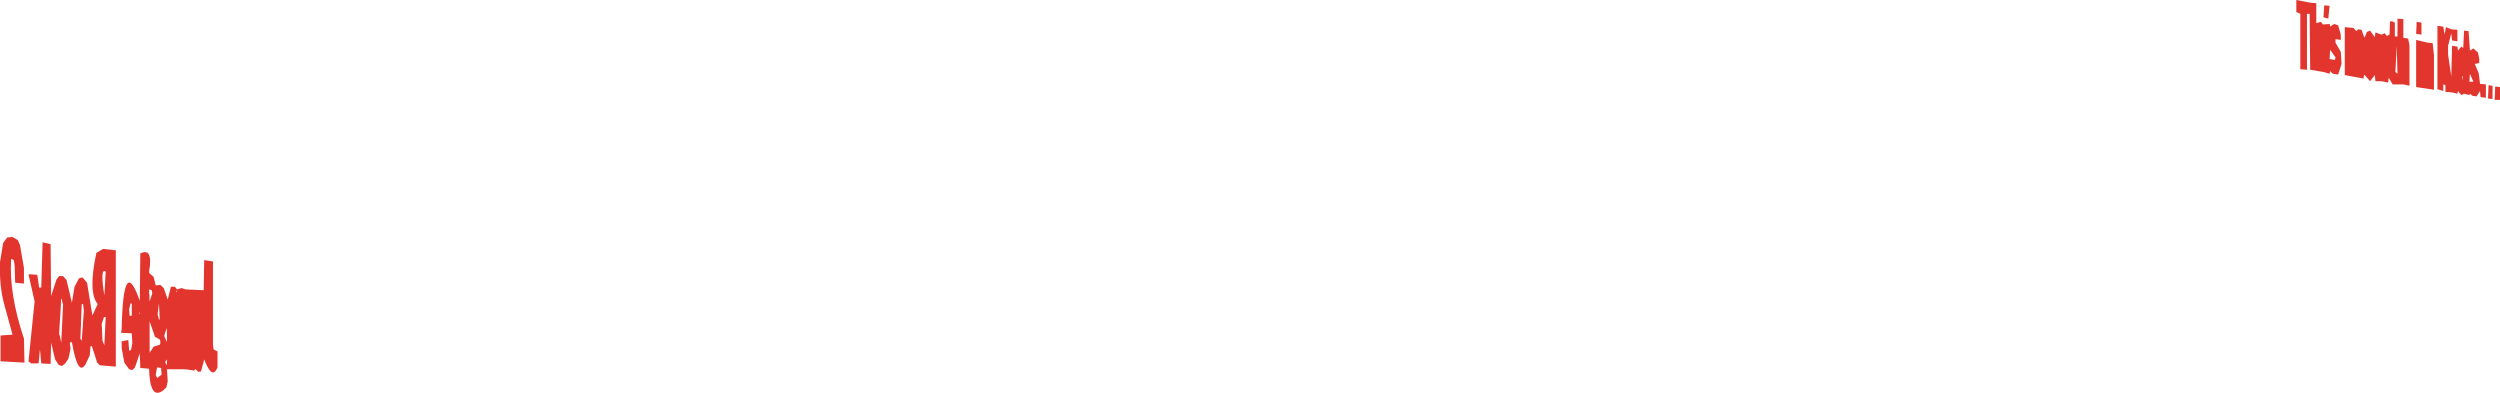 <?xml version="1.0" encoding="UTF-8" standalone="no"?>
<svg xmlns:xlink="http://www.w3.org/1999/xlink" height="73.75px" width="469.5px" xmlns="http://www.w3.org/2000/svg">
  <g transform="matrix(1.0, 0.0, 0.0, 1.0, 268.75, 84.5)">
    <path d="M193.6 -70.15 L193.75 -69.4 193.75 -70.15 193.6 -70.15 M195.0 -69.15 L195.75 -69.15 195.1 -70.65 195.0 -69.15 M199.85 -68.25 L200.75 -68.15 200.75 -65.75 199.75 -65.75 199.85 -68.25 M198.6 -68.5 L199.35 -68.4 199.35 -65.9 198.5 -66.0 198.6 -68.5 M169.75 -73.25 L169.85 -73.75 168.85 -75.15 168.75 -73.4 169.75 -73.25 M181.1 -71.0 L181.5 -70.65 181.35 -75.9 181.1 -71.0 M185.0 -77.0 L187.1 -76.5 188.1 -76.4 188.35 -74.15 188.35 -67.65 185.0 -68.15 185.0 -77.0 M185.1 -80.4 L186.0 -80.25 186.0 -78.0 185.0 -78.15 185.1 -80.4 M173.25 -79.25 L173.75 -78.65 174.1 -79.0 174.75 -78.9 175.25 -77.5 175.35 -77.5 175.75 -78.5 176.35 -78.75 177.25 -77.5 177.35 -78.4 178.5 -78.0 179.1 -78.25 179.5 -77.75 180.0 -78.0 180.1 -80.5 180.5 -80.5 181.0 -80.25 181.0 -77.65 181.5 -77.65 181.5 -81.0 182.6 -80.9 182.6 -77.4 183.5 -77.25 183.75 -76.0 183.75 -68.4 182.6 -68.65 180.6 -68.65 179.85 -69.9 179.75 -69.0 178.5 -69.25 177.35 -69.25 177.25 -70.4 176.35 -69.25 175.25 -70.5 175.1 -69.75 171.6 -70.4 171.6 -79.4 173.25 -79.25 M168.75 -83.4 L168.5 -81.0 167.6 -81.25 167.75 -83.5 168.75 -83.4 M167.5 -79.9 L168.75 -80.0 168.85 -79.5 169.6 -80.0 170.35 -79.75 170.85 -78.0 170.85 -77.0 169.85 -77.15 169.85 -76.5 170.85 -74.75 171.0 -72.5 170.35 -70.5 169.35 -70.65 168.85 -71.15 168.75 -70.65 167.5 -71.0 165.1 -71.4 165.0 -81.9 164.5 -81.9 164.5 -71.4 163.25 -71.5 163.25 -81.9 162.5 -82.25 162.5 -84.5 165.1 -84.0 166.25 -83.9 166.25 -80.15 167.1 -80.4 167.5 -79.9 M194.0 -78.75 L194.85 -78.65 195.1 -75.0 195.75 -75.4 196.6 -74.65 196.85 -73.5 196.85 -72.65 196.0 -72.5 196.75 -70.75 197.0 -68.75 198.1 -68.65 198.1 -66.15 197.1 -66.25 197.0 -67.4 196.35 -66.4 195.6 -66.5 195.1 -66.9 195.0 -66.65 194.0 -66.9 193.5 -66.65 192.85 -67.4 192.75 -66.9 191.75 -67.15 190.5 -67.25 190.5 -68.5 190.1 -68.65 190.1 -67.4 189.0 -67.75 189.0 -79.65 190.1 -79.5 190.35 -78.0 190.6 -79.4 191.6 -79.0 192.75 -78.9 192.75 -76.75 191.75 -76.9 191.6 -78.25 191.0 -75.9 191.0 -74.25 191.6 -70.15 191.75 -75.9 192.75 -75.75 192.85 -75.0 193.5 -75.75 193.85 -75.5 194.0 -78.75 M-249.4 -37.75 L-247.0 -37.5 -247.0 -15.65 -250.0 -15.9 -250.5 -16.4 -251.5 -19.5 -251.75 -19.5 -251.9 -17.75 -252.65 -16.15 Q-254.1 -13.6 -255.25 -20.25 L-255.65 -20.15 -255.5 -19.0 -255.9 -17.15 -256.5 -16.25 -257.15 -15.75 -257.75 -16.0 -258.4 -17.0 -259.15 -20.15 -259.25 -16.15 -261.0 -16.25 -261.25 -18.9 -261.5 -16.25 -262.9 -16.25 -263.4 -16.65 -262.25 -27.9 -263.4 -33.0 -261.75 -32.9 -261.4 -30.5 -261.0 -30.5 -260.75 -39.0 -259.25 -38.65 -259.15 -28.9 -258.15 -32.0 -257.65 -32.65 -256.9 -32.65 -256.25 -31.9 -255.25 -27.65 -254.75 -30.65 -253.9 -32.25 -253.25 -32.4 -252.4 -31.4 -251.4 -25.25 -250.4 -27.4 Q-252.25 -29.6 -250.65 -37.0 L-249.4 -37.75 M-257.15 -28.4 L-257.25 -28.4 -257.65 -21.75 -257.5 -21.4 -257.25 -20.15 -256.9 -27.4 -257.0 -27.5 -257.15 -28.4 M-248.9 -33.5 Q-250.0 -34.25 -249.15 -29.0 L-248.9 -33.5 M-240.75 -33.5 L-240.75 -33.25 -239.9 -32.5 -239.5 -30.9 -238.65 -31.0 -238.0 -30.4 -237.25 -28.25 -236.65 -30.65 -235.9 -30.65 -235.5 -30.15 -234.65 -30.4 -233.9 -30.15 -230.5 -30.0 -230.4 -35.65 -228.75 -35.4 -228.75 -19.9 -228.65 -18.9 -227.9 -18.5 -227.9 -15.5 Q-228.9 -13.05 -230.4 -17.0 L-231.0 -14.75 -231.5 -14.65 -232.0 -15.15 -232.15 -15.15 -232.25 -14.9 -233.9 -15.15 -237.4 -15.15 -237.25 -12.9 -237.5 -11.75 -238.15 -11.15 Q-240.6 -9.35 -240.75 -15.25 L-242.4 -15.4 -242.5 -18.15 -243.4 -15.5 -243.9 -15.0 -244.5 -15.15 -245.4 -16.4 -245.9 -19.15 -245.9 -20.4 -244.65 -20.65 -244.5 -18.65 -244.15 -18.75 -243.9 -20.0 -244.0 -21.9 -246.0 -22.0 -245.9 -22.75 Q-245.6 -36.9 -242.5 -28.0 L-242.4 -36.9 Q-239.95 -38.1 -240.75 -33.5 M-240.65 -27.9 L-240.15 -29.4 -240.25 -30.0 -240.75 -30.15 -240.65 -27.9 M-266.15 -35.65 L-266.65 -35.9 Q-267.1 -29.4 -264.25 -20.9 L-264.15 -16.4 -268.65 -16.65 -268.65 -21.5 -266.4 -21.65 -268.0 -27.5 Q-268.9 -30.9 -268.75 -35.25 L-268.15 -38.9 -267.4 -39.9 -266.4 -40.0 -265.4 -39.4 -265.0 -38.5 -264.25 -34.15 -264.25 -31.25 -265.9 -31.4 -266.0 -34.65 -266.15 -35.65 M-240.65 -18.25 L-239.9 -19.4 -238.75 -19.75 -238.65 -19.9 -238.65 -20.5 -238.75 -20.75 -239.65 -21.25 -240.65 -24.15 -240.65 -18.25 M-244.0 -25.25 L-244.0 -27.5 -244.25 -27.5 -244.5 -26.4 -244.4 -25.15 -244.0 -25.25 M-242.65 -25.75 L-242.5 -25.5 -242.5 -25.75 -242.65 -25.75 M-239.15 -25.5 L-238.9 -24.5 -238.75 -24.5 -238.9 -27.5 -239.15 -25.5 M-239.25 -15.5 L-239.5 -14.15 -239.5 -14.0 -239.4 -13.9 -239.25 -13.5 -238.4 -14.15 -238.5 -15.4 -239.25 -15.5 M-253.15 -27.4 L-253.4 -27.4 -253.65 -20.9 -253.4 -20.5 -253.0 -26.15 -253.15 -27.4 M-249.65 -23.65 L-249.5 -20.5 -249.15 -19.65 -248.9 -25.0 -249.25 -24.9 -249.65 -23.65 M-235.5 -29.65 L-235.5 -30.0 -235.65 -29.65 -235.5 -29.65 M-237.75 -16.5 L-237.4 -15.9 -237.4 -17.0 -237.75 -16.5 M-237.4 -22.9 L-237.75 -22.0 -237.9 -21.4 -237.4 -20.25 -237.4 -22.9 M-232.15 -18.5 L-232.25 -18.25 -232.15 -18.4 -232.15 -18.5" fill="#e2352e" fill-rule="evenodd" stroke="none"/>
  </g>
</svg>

------------------------------------------------

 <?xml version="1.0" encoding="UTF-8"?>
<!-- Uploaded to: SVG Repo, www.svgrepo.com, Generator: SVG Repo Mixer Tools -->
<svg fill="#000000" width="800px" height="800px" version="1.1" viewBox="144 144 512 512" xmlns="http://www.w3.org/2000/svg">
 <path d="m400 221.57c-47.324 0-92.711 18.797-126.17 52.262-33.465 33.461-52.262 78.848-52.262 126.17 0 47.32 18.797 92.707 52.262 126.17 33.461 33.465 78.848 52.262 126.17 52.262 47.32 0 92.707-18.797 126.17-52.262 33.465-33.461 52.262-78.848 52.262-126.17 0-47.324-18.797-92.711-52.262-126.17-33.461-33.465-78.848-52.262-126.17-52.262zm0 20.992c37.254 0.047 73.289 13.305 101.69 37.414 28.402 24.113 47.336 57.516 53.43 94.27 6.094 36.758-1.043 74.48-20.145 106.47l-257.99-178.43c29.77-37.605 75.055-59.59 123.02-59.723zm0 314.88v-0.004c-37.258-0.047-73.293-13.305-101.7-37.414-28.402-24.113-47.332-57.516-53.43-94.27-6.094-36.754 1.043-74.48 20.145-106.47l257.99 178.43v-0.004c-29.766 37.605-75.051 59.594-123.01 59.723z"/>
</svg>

------------------------------------------------

* [What you will do] Count how many lines of the entries include the string "http". The number is the entire answer.

* [Output for this exercise] 2